» What to work on
Exactly the lines from the one containing "9.6 s after image 1." through the final line of the data are to be written out again, with nothing added.

== Dataset extract ==

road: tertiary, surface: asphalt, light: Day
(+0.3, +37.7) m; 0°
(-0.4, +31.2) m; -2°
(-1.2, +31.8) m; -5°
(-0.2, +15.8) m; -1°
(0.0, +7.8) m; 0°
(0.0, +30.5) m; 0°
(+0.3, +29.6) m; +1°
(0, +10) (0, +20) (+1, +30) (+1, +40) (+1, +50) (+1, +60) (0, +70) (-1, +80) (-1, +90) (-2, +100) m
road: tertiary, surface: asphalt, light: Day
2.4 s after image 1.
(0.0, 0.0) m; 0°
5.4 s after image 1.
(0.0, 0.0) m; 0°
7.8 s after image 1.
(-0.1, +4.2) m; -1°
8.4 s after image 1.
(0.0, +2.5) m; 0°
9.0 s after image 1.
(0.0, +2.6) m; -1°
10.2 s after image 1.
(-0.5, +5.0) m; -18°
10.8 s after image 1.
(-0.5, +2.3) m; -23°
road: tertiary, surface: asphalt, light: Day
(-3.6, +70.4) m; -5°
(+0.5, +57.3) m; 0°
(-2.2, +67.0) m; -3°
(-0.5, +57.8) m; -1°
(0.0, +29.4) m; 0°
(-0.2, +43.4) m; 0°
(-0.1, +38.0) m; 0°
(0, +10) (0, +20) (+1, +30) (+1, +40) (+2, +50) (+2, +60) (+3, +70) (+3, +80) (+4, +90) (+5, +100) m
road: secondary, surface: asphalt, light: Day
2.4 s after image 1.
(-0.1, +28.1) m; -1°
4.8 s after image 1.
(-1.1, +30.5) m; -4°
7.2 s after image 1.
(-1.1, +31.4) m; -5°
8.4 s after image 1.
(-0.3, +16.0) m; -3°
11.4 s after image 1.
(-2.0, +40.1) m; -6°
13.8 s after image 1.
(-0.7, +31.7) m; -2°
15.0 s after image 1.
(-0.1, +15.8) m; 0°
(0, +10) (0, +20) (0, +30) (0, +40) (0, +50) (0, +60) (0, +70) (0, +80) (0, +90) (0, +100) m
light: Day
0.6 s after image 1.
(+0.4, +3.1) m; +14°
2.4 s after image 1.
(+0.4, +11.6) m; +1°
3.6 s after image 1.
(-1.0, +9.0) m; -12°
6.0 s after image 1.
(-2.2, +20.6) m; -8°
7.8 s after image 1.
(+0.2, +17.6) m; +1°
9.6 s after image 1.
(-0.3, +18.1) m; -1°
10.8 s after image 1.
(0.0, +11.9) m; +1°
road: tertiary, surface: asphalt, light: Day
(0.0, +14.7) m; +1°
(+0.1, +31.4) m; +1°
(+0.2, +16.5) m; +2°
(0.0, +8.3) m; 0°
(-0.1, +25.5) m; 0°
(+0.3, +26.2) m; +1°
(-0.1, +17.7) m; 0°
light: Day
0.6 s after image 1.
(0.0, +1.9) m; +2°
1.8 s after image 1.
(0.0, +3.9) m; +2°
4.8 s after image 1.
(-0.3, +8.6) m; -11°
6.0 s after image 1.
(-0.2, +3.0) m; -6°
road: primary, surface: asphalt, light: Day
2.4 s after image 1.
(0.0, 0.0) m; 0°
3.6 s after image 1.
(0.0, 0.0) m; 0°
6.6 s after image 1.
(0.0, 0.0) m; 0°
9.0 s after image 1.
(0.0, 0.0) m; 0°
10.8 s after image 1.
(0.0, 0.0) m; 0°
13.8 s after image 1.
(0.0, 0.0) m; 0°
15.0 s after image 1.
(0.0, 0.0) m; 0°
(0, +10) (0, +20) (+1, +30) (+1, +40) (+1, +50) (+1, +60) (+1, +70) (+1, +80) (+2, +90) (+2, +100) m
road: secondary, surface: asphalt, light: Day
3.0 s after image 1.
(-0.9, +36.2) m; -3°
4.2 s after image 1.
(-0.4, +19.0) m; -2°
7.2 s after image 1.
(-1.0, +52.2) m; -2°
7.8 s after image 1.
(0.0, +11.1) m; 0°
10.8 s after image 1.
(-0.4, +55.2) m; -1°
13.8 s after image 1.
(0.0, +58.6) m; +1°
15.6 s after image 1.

===

» Response
9.6 s after image 1.
(-0.3, +18.1) m; -1°
10.8 s after image 1.
(0.0, +11.9) m; +1°
road: tertiary, surface: asphalt, light: Day
(0.0, +14.7) m; +1°
(+0.1, +31.4) m; +1°
(+0.2, +16.5) m; +2°
(0.0, +8.3) m; 0°
(-0.1, +25.5) m; 0°
(+0.3, +26.2) m; +1°
(-0.1, +17.7) m; 0°
light: Day
0.6 s after image 1.
(0.0, +1.9) m; +2°
1.8 s after image 1.
(0.0, +3.9) m; +2°
4.8 s after image 1.
(-0.3, +8.6) m; -11°
6.0 s after image 1.
(-0.2, +3.0) m; -6°
road: primary, surface: asphalt, light: Day
2.4 s after image 1.
(0.0, 0.0) m; 0°
3.6 s after image 1.
(0.0, 0.0) m; 0°
6.6 s after image 1.
(0.0, 0.0) m; 0°
9.0 s after image 1.
(0.0, 0.0) m; 0°
10.8 s after image 1.
(0.0, 0.0) m; 0°
13.8 s after image 1.
(0.0, 0.0) m; 0°
15.0 s after image 1.
(0.0, 0.0) m; 0°
(0, +10) (0, +20) (+1, +30) (+1, +40) (+1, +50) (+1, +60) (+1, +70) (+1, +80) (+2, +90) (+2, +100) m
road: secondary, surface: asphalt, light: Day
3.0 s after image 1.
(-0.9, +36.2) m; -3°
4.2 s after image 1.
(-0.4, +19.0) m; -2°
7.2 s after image 1.
(-1.0, +52.2) m; -2°
7.8 s after image 1.
(0.0, +11.1) m; 0°
10.8 s after image 1.
(-0.4, +55.2) m; -1°
13.8 s after image 1.
(0.0, +58.6) m; +1°
15.6 s after image 1.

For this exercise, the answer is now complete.